# The SMF Pushpin Map Has a Home!!



## TulsaJeff (Jul 13, 2007)

I have placed the SMF Pushpin map on its' own page here on the SMF. This should make it easier to access and all of you who have not added your name to the map.. you now have NO excuse;-)

It is located Here


----------



## liquorman (Apr 5, 2009)

Hm! that link dosent seem to work


----------



## rivet (Apr 5, 2009)

Hey great idea, and thought the map was fantastic.
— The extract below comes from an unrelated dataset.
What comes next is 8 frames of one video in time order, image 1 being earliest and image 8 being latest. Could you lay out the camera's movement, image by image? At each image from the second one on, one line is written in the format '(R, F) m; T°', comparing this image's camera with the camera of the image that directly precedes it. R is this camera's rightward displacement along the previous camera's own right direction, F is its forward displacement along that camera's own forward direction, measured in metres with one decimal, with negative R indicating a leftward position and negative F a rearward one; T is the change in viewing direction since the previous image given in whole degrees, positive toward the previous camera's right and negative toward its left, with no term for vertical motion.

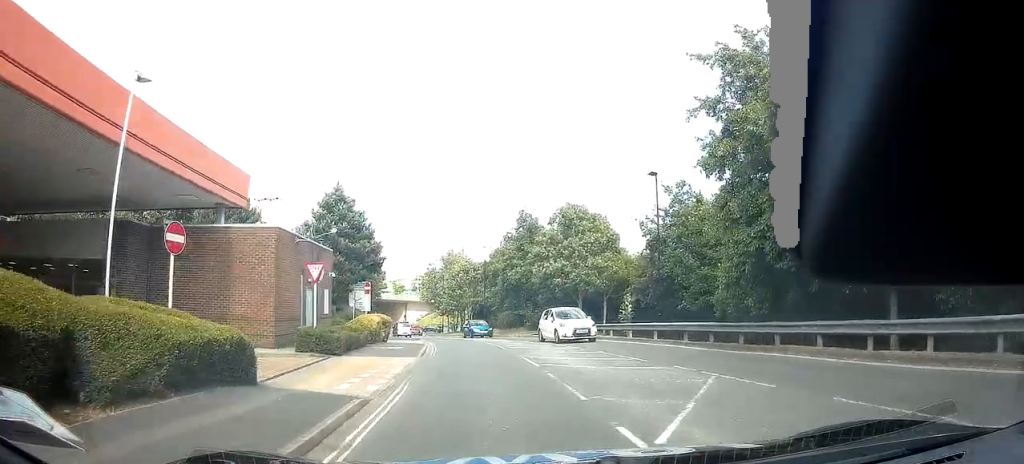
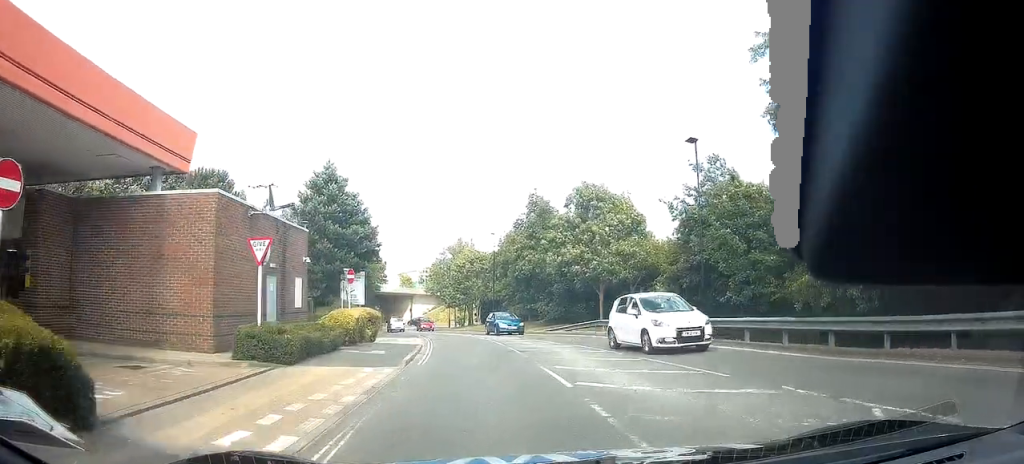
(-0.2, +5.4) m; -1°
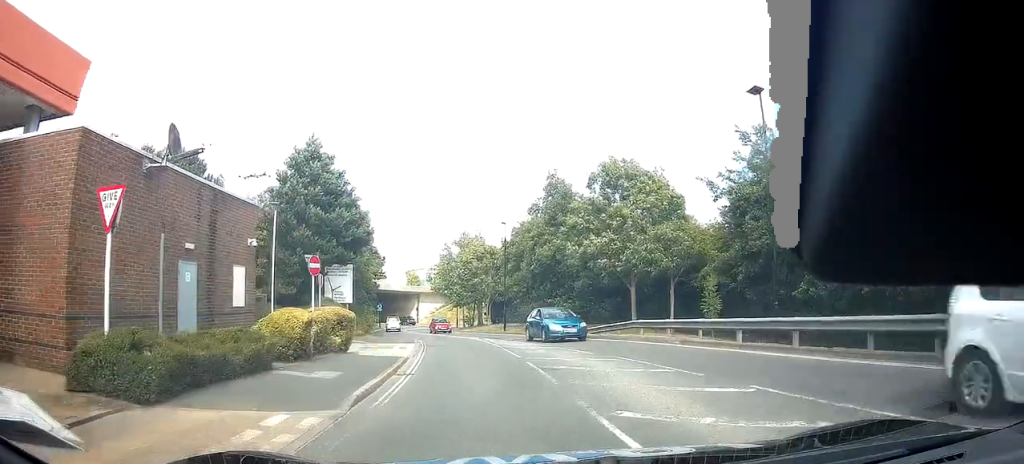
(-0.2, +6.7) m; -1°
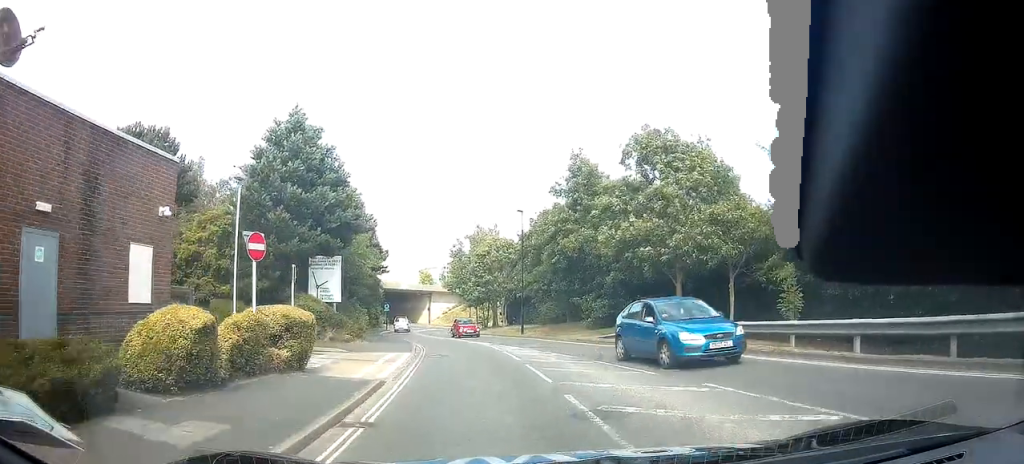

Yep, I'm on it... But he's ^^^^^^^ right, the link doesn't work.


----------



## jaxgatorz (Apr 5, 2009)

Umm, if u check the date on his post, its like almost 2 years ago....... I;m not saying, just saying


----------



## tsywake (Jul 13, 2009)

What about setting up a map in Google Maps?


----------



## indyadmin1974 (Jul 16, 2009)

That would be cool if Google Maps will do that...I'd be willing to help with that.


----------



## jaxgatorz (Jul 17, 2009)

i digress...........


----------



## morkdach (Jul 17, 2009)

get with bmudd on this


----------



## barneypoo69 (Jan 5, 2010)

Where's the map ? I know I'm a rookie.......but can I get on it Jeff ?


----------



## bbally (Jan 5, 2010)

And from the depths of the July posts rises the Map


----------



## chefmike (Jan 5, 2010)

a little zombie thread... I followed it because it was on the news on the first page. 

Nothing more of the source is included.